Caffeine has been associated with a lower of developing Alzheimer's disease in some recent studies. A recent human study suggested that the reason lies in its effect on proteins involved in inflammation. A new mouse study provides more support for this idea.
In the study, two groups of mice, one of which had been given caffeine, were exposed to hypoxia, simulating what happens in the brain during an interruption of breathing or blood flow. When re-oxygenated, caffeine-treated mice recovered their ability to form a new memory 33% faster than the other mice, and the caffeine was observed to have the same anti-inflammatory effect as blocking interleukin-1 (IL-1) signaling.
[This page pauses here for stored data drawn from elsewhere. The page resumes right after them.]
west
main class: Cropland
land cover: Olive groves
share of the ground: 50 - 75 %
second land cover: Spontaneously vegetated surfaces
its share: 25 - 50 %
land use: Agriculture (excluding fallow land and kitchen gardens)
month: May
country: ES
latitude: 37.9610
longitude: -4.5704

Inflammation is a key player in cognitive impairment, and IL-1 has been shown to play a critical role in the inflammation associated with many neurodegenerative diseases.
It was found that the hypoxic episode triggered the release of adenosine, the main component of ATP (your neurons’ fuel). Adenosine is released when a cell is damaged, and this leakage into the environment outside the cell begins a cascade that leads to inflammation (the adenosine activates an enzyme, caspase-1, which triggers production of the cytokine IL-1β).
But caffeine blocks adenosine receptors, stopping the cascade before it starts.
The finding gives support to the idea that caffeine may help prevent cognitive decline and impairment.
Reference:
[3122]
(2012). Hypoxia/Reoxygenation Impairs Memory Formation via Adenosine-Dependent Activation of Caspase 1.
The Journal of Neuroscience. 32(40), 13945 - 13955.